The Helper Connoisseur / Ex-MineCraft Host
Staff member
Reaction score
1,667
One time generator

Code:
import random

class MarkovChain:
    def __init__(self):
        self.textData = []
        self.markov = []

    def parseWords(self, words):
        self.textData = words

    def parseTextFile(self, textFilePath):
        with open(textFilePath) as file:
            self.textData = file.read()
      
    def generate(self):
        self.textData = [i.lower() for i in self.textData.split(" ") if i.isalpha()]
        self.markov = {i:[] for i in self.textData}
        for before, after in zip(self.textData, self.textData[1:]):
            self.markov[before].append(after)
        new = list(self.markov.keys())
        seed = random.randrange(len(new))
        currentWord = random.choice(new)
        sentence = [currentWord]
        for i in range(0, random.randrange(15, 30)):
            check = self.markov[currentWord]
            if (len(check) > 0):
                nextWord = random.choice(check)
                sentence.append(nextWord)
                currentWord = nextWord
            else:
                currentWord = random.choice(new)
        return " ".join(sentence)

def main():
    m = MarkovChain()
    m.parseTextFile("test.txt")
    print(m.generate())


if __name__ == "__main__":
    main()

#
# The text test file, "test.txt", contains the following:
#
#         That's where "with a cable" comes in. You secure it to something that'd require them to have tools to cut the cable, which is
#         slightly less likely. Most burglaries are fairly quick, because they make noise and every minute spent inside gets the burglar
#         a minute closer to getting caught. The kind of burglar who doesn't get caught tries to spend less than 3 minutes on-premises.
#         Bringing along a toolbox increases noise, decreases agility, and makes it harder to carry fenceable items away. So they don't
#         tend to have a nice pair of bolt cutters unless they're stupid or know in advance something valuable requires them.
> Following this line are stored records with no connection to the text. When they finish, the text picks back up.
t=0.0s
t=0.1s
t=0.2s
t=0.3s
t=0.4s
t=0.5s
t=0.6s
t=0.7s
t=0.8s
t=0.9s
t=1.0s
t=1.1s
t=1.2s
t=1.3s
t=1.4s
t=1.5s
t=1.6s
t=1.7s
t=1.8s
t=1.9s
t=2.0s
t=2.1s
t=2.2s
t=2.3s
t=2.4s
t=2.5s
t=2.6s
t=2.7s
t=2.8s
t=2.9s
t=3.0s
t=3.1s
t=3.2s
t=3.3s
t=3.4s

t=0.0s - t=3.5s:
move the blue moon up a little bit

It's not
#         foolproof, but it's a way to increase the odds the burglar won't be able to steal some things you'd really rather them not
#         steal. Sort of like putting locks on the door. Some "burglars" try every knob they see and are more than happy to enter an
#         unlocked car/residence. But others are willing to kick the door in or break a window, taking added risk they'll be caught.
#         That doesn't make a lock "useless", it means the lock protects you from some unknown % of risk. That's what the safe with a
#         cable does: it shaves some percentage points of your risk away.
#
#
# The contents of "test.txt" can be anything.
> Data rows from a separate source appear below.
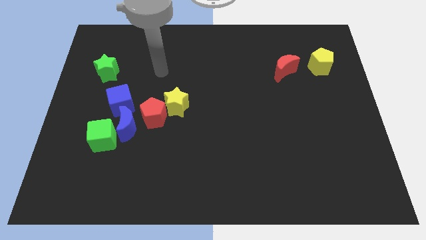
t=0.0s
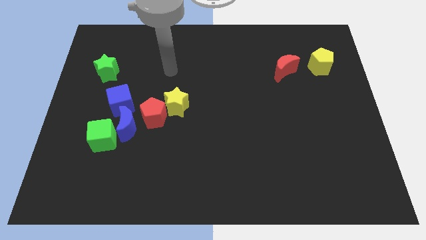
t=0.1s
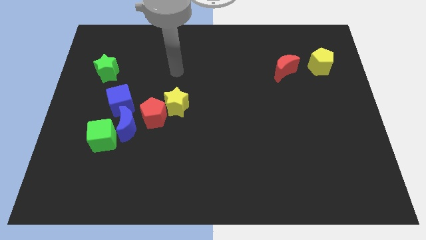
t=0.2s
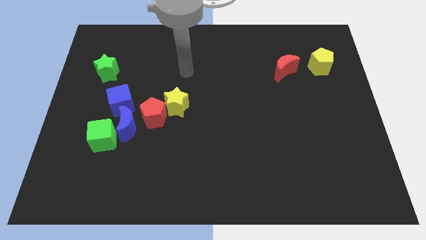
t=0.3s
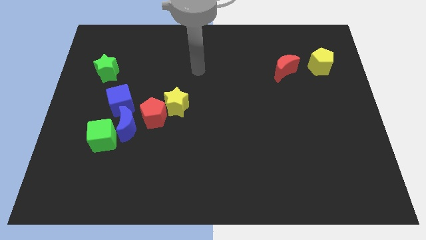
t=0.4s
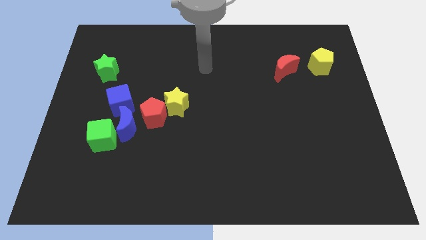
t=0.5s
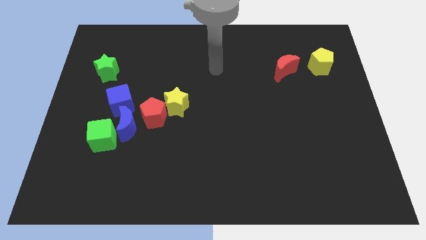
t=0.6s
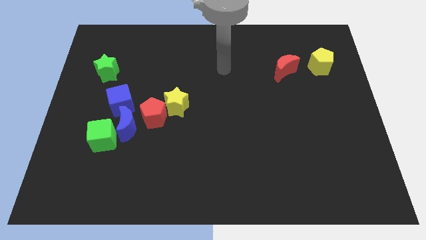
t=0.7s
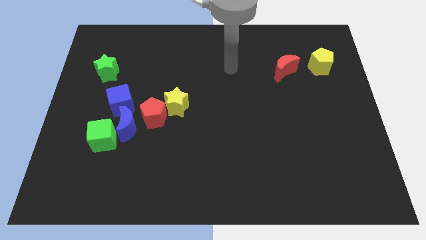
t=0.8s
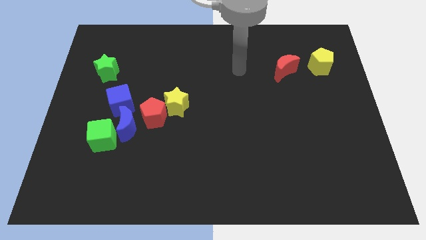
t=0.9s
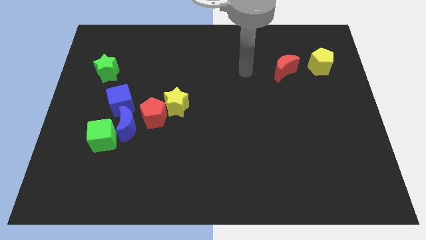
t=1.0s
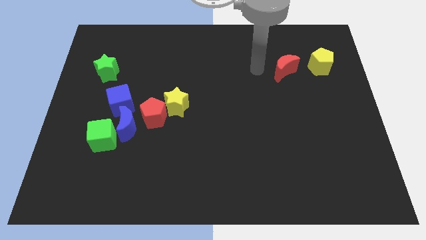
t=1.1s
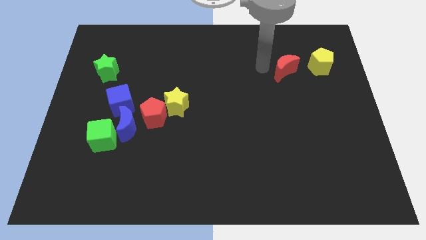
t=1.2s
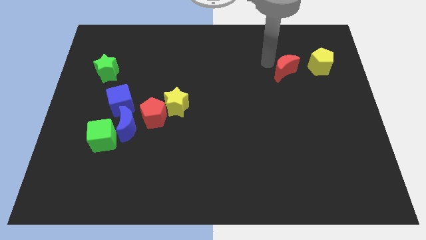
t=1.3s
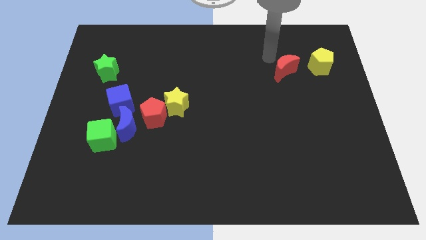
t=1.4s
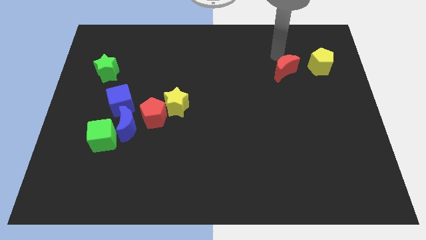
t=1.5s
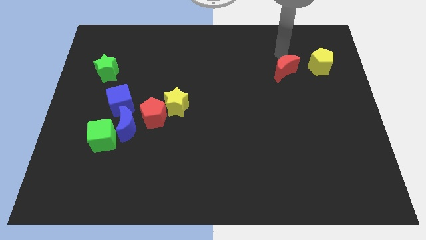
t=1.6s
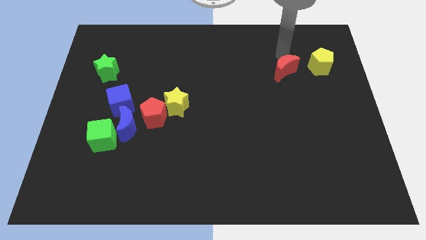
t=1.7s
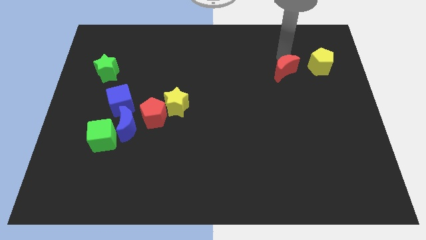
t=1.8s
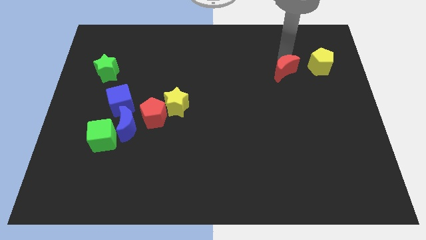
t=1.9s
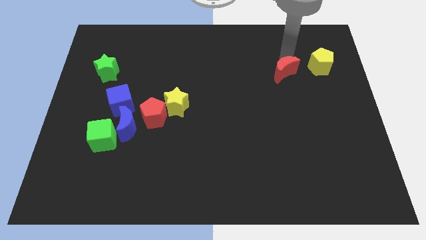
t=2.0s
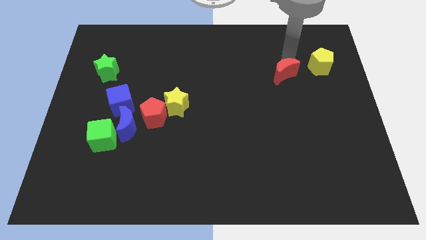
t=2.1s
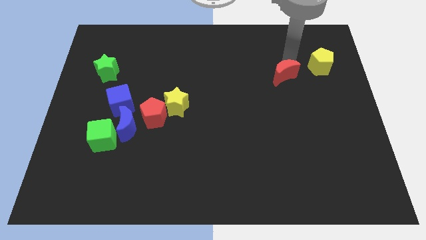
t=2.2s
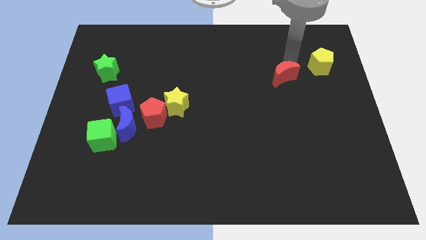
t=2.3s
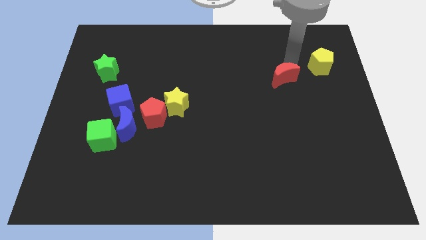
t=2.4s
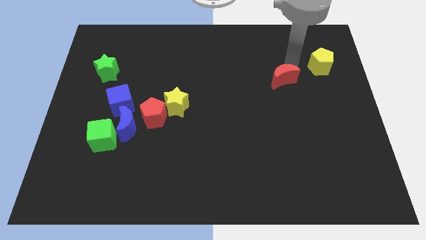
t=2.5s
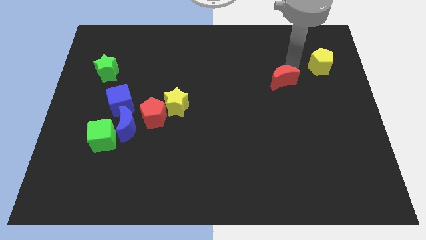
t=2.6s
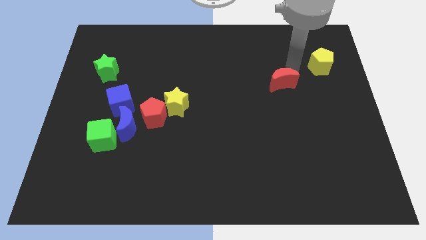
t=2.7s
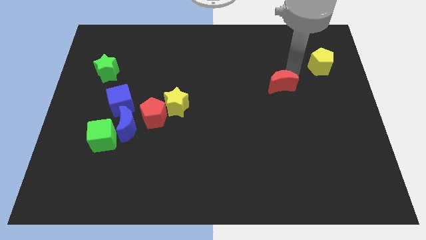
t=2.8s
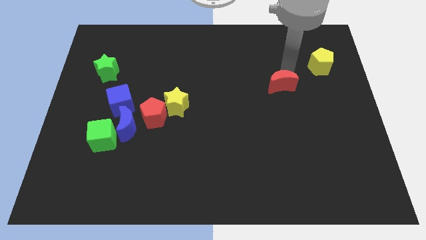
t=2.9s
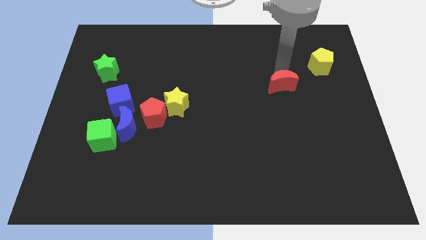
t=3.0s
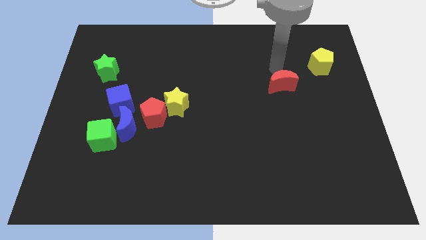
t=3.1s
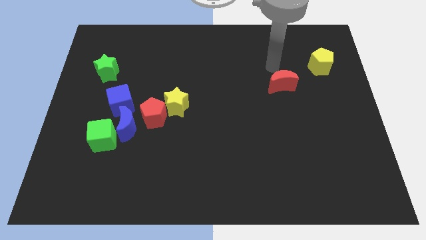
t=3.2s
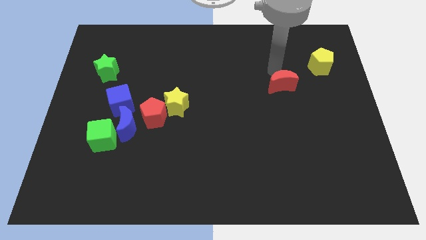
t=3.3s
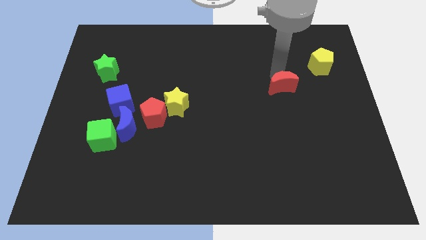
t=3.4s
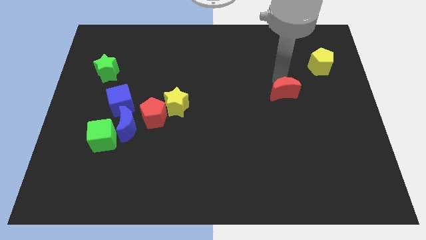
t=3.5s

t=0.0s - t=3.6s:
push the red moon a little down

Multiple times generator, dependent of elapsed time in seconds

Code:
import time
import random

class MarkovChain:
    def __init__(self):
        self.textData = []
        self.markov = []

    def parseWords(self, words):
        self.textData = words
        self.prepare()

    def parseTextFile(self, textFilePath):
        with open(textFilePath) as file:
            self.textData = file.read()
        self.prepare()

    def prepare(self):
        self.textData = [i.lower() for i in self.textData.split(" ") if i.isalpha()]
        self.markov = {i:[] for i in self.textData}
        for before, after in zip(self.textData, self.textData[1:]):
            self.markov[before].append(after)
       
    def generate(self):
        new = list(self.markov.keys())
        seed = random.randrange(len(new))
        currentWord = random.choice(new)
        sentence = [currentWord]
        for i in range(0, random.randrange(15, 30)):
            check = self.markov[currentWord]
            if (len(check) > 0):
                nextWord = random.choice(check)
                sentence.append(nextWord)
                currentWord = nextWord
            else:
                currentWord = random.choice(new)
        return " ".join(sentence)

def main():
    testStrings =  "That's where with a cable comes in. You secure it to something that'd require them to have tools to cut the cable, which is " \
        "slightly less likely. Most burglaries are fairly quick, because they make noise and every minute spent inside gets the burglar " \
        "a minute closer to getting caught. The kind of burglar who doesn't get caught tries to spend less than 3 minutes on-premises. " \
        "Bringing along a toolbox increases noise, decreases agility, and makes it harder to carry fenceable items away. So they don't " \
        "tend to have a nice pair of bolt cutters unless they're stupid or know in advance something valuable requires them. It's not " \
        "foolproof, but it's a way to increase the odds the burglar won't be able to steal some things you'd really rather them not " \
        "steal. Sort of like putting locks on the door. Some \"burglars\" try every knob they see and are more than happy to enter an " \
        "unlocked car/residence. But others are willing to kick the door in or break a window, taking added risk they'll be caught. " \
        "That doesn't make a lock \"useless\", it means the lock protects you from some unknown % of risk. That's what the safe with a " \
        "cable does: it shaves some percentage points of your risk away."
    m = MarkovChain()
    m.parseWords(testStrings)
    startTime = time.monotonic()
    while (time.monotonic() - startTime < 4):
        print(m.generate())
        time.sleep(1)


if __name__ == "__main__":
    main()

Second code snippet in action:

https://ideone.com/VhOr4i
 
Last edited:

jonas

You can change this now in User CP.
Reaction score
66
Alright, I haven't programmed python for a long time, but here are some comments.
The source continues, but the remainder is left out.